23 June, 2004

The US is one of South Africa's key trading partners for both South African export promotion and inward investment mobilization. The trade and investment relationship between the two countries has been growing since 1994. The trade balance has turned in favor of South Africa and reached R4,5bn in 2001. Traditionally the US exports more value-added products to South Africa while South Africa exports raw material to the US.

However, this situation is changing particularly since the introduction of the Africa Growth and Opportunity Act (AGOA) which allows duty-free access of exports into the US. The first two Sub-Saharan Africa (SSA) countries to be approved under Agoa were Mauritius and Kenya, followed by South Africa, Madagascar and Lesotho. However, the number of countries is continually changing as more are granted approval under the Act.

At present, one of the major benefits is that AGOA gives a major boost to the clothing manufacturing industry in South Africa. Various categories of duty-free access for clothing articles are provided for. These can be summarized as follows:

  • Duty-free and quota-free access for clothing manufactured in SSA from fabric wholly formed and cut in the USA from yarns wholly produced in the USA;
  • Duty-free and quota-free access for clothing manufactured in SSA from fabric wholly formed in the USA and assembled from thread formed in the USA;
  • Duty-free access for clothing manufactured in SSA from fabric manufactured in SSA from yarn originating in the USA or SSA, but subject to a quota equivalent to 1,5% in year 1, rising in year 8 to 3,5% of the value of total clothing imports into the USA;
  • Duty-free access for clothing manufactured in lesser-developed SSA countries, regardless of the origin of the fabric up until September 2004 and subject to the above quota;
  • Duty-free and quota-free access for sweaters of cashmere or of 18,5 micron or finer wool, knit-to-shape in SSA;
  • Duty-free and quota-free access for clothing manufactured from fabric or yarn not available in commercial quantities in the USA; and
  • Duty-free and quota-free access for hand-loomed, hand-made and folklore articles.

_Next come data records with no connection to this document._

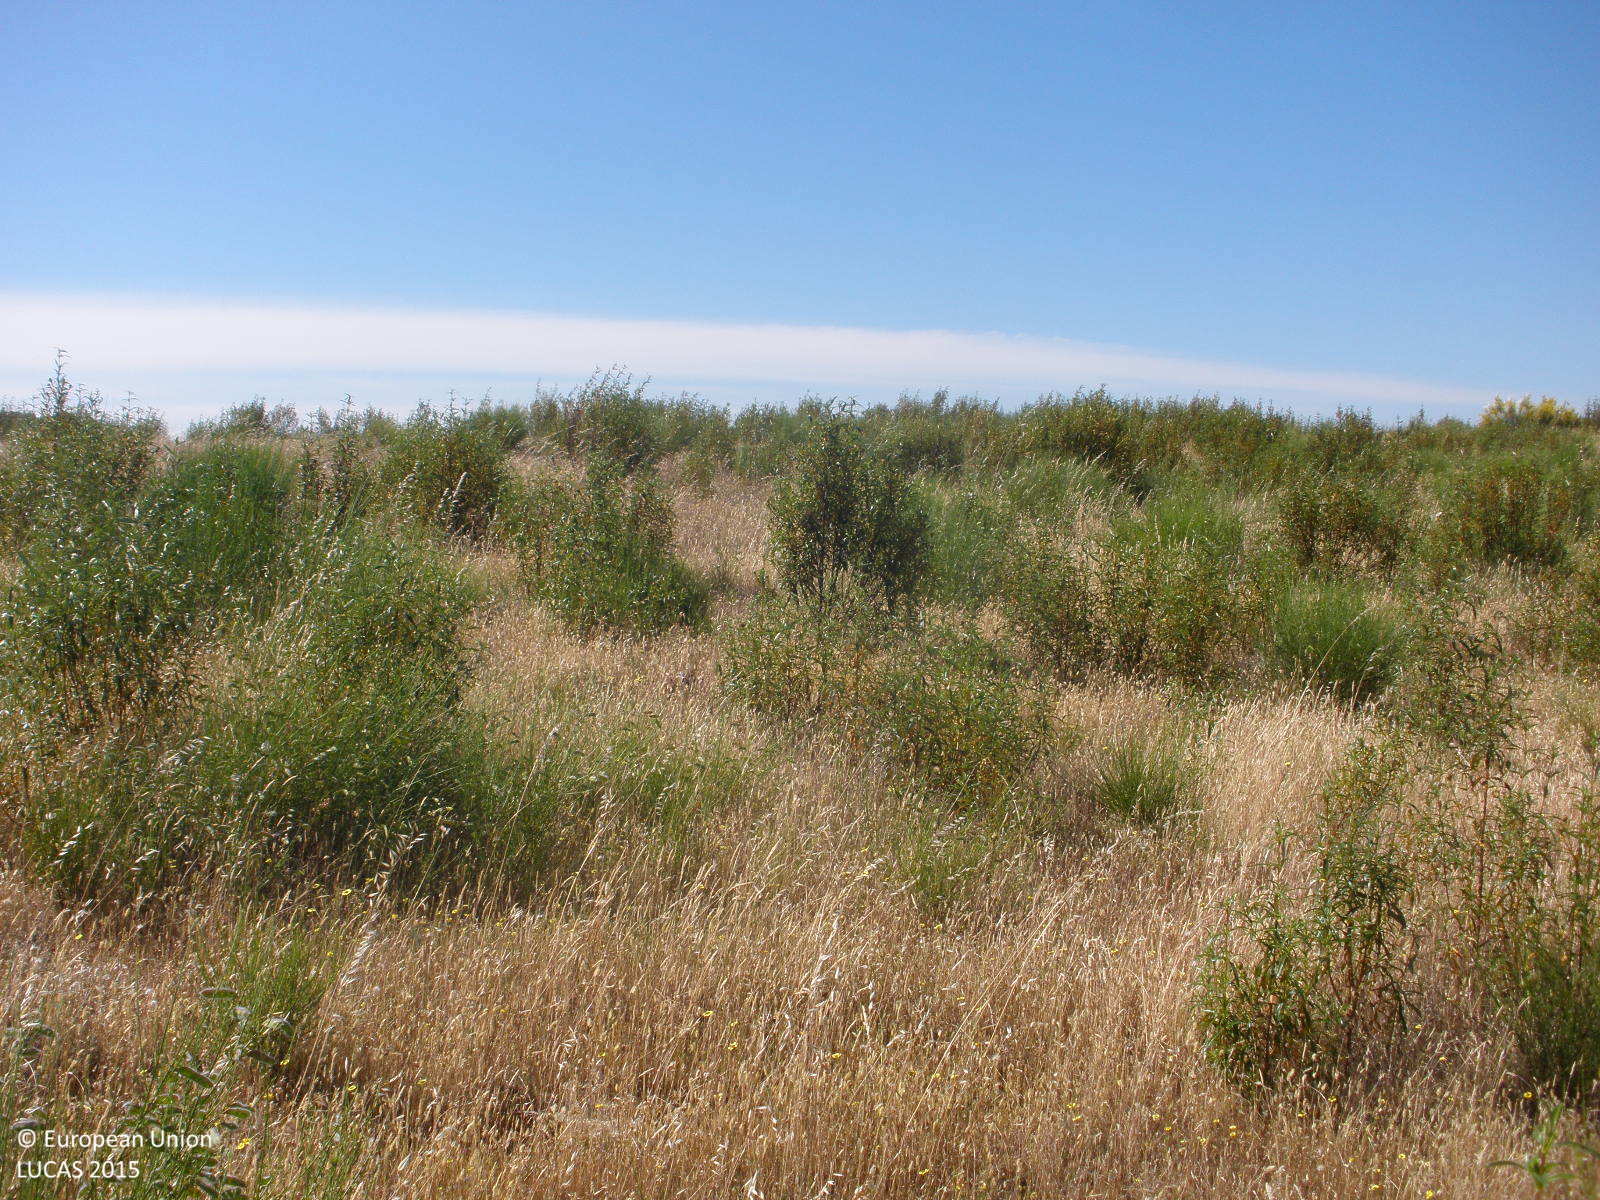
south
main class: Shrubland
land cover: Shrubland without tree cover
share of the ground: > 75 %
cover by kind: shrubs 60 %, herbaceous plants 40 %
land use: Agriculture (excluding fallow land and kitchen gardens)
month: May
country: ES
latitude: 40.2045
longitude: -6.2791
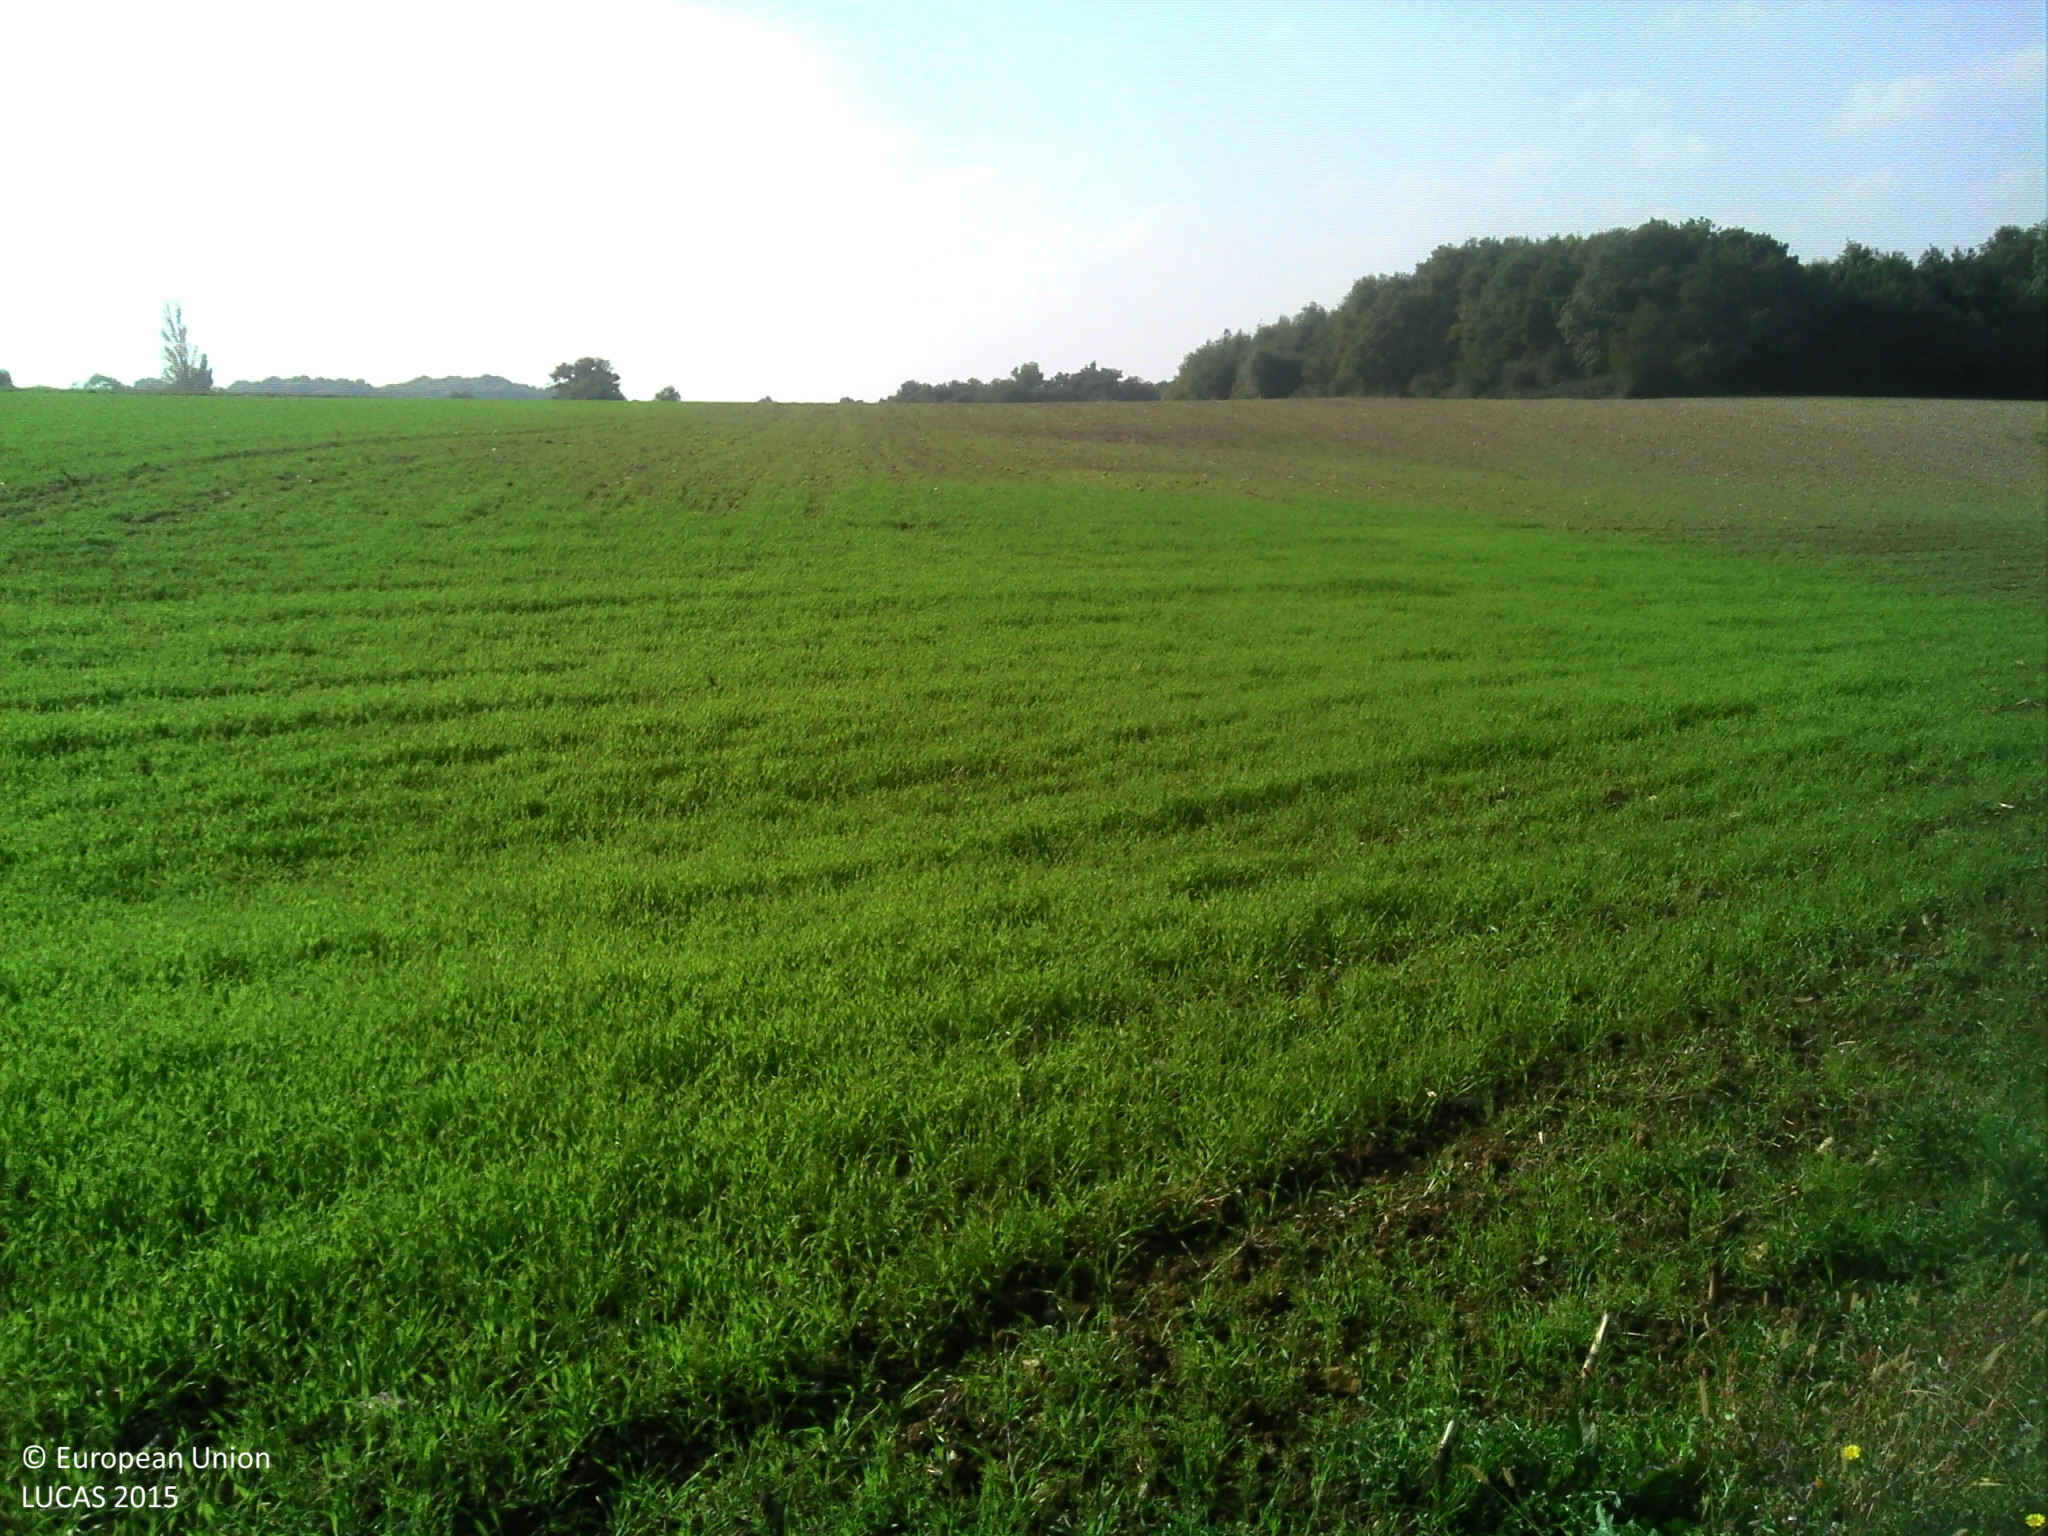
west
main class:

Certain concessions are provided for in the case of the use of foreign origin interlinings, finishings and trimmings in the manufacture in SSA of clothing as long as the value of these items does not exceed 25% of the value of the clothing article.

Another concession is that non-USA or non-SSA fiber and yarn is permitted in the manufacture of clothing up to 7% by weight of the garment.

The legislative process is currently underway in the USA, whereby proposed additions and amendments to AGOA are being considered: the so-called AGOA II or Bush's African Enterprise Initiative. Aspects that will be important for South Africa and indeed many other SSA countries to have changed would be the extension of AGOA beyond September 2008, the termination on 30 September 2004 and the non-extension to higher developed SSA countries of the third country fabric concession, the inclusion of yarns, fabrics and household textiles as qualifying for duty-free access and a number of the other existing provisions of AGOA.